The Hon Justice Peter McClellan AM, Chief Judge at Common Law of the Supreme Court of New South Wales, as he then was, in a speech to the Commonwealth Law Conference in 2005 on access to justice, dismissed the floodgates argument and stated:

… the opportunity for a plaintiff to bring proceedings without having to establish standing has meant that it has been possible to use the plaintiff’s, sometimes limited, resources to debate matters relating to the operation of the relevant planning laws rather than debating issues of standing. Many of these cases have significantly enhanced the quality of environmental decision-making within New South Wales.

Here in the ACT we have stared down the argument and been proven right in relation to the Human Rights Act. At the time, the floodgates argument was run and rightly rejected. Since then the Human Rights Act has proven to be an increasingly valuable part of our jurisprudence rather than a burden on the courts or decision makers.

Perhaps the second most common argument against any change is that the court should have the benefit of argument from those people most closely affected by a decision. Firstly, nothing in the bill prevents this from occurring. It is important to also consider the view of the Administrative Review Council who considered this issue last year and came to this view:

People who are directly affected by a decision are often not in a position to challenge its legality. They may not have the resources, the time or the expertise to mount an action for judicial review. Such a situation does not mean that the illegality may not have detrimental effects on them or others, nor does it mean that it is in the interests of society that the decision be allowed to stand.

Additionally some judges have recognised that public interest litigants, especially groups, are perhaps more likely to present well-resourced and prepared cases. The bill recognises the very important role that organisations play in public interest litigation and provides that both incorporated and unincorporated associations and groups can make applications for review.
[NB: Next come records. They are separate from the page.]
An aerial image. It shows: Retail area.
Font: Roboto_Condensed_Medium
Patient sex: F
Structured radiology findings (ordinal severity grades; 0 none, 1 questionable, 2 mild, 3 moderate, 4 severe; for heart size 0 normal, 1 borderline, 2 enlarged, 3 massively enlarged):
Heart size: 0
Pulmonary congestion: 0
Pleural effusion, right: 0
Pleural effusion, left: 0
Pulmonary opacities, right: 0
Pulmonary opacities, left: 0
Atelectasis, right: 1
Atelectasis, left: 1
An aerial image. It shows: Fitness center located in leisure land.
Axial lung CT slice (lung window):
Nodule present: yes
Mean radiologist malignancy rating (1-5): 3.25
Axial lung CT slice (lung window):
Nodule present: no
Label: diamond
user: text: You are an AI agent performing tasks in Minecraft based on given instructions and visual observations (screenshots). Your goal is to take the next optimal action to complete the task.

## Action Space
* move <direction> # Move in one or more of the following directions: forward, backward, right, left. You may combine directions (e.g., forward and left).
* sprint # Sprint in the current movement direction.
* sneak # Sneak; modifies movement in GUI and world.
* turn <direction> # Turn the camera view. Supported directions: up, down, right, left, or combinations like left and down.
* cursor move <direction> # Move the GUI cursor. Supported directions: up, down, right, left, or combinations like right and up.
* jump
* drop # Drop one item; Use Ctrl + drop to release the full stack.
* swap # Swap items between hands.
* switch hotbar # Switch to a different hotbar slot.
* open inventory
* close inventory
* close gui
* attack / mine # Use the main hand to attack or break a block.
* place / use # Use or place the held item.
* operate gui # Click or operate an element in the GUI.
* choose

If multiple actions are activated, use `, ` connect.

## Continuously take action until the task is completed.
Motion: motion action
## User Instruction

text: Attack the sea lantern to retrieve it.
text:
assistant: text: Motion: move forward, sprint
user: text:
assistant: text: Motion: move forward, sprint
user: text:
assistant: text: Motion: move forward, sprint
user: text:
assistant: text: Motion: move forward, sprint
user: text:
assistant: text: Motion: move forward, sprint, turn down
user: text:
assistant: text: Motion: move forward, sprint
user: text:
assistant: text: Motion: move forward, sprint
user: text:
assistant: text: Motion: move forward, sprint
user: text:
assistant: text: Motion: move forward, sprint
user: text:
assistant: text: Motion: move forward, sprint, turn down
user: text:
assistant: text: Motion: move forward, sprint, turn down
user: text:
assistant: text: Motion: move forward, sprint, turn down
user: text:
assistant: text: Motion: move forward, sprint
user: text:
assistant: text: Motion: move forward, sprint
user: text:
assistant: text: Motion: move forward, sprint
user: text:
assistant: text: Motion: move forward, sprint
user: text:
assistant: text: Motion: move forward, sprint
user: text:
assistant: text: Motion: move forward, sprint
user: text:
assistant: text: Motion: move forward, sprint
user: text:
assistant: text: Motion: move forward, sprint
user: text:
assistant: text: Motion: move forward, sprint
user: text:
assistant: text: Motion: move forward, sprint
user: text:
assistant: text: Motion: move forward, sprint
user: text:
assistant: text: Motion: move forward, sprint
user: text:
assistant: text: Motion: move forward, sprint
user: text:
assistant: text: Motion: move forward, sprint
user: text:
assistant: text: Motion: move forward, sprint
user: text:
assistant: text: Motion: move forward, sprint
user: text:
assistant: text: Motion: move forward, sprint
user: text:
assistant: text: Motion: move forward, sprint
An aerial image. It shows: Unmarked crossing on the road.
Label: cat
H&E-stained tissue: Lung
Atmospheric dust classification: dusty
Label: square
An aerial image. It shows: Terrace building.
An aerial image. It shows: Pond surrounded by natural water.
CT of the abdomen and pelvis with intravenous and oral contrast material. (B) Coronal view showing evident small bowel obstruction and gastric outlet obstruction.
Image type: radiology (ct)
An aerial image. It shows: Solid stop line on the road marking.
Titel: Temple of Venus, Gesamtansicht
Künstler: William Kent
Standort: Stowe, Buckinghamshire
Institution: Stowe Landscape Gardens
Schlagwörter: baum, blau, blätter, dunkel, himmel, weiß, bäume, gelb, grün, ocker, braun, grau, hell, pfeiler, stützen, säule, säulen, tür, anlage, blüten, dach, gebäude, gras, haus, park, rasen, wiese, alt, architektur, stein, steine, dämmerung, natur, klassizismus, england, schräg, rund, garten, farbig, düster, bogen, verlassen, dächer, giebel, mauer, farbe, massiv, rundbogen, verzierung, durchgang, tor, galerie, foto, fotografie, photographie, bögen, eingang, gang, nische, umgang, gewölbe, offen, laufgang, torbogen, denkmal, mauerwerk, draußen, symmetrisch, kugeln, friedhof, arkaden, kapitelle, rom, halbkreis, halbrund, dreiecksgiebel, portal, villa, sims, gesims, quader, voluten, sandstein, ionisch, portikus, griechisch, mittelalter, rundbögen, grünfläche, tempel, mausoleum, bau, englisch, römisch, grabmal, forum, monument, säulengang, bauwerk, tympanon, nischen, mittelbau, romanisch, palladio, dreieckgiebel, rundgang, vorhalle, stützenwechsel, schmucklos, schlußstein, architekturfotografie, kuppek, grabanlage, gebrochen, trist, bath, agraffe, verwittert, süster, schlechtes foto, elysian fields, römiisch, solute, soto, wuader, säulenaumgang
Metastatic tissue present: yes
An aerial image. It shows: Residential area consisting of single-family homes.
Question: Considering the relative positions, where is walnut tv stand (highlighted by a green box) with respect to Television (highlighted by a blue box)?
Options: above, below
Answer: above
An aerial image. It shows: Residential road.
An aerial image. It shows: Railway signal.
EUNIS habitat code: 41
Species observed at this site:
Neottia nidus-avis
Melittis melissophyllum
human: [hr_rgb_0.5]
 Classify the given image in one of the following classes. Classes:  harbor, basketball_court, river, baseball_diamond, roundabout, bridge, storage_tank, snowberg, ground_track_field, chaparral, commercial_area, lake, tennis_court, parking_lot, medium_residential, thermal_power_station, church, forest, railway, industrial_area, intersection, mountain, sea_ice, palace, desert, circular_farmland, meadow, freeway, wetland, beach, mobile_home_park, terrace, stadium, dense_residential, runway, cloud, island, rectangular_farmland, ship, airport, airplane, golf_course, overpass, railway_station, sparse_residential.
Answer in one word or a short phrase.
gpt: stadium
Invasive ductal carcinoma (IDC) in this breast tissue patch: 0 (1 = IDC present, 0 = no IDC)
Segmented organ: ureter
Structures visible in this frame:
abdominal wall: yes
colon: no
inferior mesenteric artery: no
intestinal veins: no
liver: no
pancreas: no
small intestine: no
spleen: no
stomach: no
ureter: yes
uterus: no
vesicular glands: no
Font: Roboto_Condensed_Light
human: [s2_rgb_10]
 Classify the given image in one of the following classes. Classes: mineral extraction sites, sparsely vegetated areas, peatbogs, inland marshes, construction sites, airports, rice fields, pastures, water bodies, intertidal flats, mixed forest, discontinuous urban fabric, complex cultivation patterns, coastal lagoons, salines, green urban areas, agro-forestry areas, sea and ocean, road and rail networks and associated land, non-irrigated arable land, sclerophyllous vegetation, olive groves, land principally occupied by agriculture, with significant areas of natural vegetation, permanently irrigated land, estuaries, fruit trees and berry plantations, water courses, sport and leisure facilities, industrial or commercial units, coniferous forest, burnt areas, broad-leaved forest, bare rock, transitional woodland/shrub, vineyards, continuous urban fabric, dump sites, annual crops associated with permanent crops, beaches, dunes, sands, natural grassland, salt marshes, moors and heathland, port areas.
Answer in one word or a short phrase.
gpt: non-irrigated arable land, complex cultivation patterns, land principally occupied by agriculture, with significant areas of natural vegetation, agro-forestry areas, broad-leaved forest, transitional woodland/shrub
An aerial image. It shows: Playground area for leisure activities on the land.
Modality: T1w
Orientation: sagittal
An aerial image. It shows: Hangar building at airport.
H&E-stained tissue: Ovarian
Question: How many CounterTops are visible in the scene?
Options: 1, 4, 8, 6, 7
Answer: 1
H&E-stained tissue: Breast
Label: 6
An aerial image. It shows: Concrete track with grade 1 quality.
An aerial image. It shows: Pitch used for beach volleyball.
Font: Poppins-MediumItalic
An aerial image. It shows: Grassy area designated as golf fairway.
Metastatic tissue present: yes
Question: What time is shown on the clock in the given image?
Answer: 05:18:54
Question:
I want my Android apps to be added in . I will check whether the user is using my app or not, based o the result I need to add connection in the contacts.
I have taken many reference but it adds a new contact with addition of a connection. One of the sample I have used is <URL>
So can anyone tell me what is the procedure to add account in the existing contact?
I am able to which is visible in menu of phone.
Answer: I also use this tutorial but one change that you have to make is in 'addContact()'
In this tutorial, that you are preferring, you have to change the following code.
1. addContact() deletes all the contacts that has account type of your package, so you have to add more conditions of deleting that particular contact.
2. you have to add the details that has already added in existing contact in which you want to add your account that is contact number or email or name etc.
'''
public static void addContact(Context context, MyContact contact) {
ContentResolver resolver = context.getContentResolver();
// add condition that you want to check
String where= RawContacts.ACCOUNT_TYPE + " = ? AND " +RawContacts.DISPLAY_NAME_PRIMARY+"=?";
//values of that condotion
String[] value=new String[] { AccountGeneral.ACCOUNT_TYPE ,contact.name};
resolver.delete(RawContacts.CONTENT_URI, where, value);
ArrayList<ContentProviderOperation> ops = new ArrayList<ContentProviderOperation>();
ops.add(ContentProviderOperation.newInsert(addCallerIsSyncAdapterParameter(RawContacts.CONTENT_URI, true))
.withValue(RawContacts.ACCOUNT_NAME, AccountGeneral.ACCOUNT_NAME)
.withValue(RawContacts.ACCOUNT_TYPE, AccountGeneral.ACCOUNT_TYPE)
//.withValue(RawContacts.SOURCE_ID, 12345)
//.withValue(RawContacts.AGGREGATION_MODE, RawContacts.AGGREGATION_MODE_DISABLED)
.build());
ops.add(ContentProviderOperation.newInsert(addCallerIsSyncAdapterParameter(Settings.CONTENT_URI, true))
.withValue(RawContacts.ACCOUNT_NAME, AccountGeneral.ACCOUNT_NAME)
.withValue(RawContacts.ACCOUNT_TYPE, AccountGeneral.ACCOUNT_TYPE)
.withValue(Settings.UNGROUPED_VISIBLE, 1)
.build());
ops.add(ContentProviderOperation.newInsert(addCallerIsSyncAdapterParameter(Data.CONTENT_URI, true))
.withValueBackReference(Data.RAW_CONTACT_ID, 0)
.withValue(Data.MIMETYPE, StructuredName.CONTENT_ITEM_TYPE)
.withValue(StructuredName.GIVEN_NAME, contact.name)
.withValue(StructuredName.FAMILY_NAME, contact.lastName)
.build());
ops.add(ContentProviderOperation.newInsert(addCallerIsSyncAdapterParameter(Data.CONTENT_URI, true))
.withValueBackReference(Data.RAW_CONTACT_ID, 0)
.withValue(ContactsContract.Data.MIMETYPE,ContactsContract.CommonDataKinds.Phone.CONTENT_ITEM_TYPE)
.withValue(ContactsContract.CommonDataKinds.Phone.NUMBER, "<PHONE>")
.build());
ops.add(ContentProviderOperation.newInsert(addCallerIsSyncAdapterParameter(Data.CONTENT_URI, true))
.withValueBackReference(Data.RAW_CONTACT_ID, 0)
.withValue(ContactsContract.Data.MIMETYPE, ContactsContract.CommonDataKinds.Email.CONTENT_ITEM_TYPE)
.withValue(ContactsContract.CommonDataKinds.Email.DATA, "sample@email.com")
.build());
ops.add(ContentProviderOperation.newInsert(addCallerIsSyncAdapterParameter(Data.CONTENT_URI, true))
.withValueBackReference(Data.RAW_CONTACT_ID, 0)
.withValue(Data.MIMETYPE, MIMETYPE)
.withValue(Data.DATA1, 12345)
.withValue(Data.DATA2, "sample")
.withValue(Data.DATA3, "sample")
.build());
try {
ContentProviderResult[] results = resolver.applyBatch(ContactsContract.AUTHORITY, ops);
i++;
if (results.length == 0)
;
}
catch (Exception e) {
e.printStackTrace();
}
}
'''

The argument is sometimes put that this creates a shield against costs or to give litigation that is essentially commercial in nature the appearance that it is community based. In relation to the first point, the court procedures rules deal with this issue. They provide for the court to require that a security be paid to the court before a matter is heard. The rules expressly cover this issue, and the ACT courts have demonstrated that they are willing to utilise the provisions.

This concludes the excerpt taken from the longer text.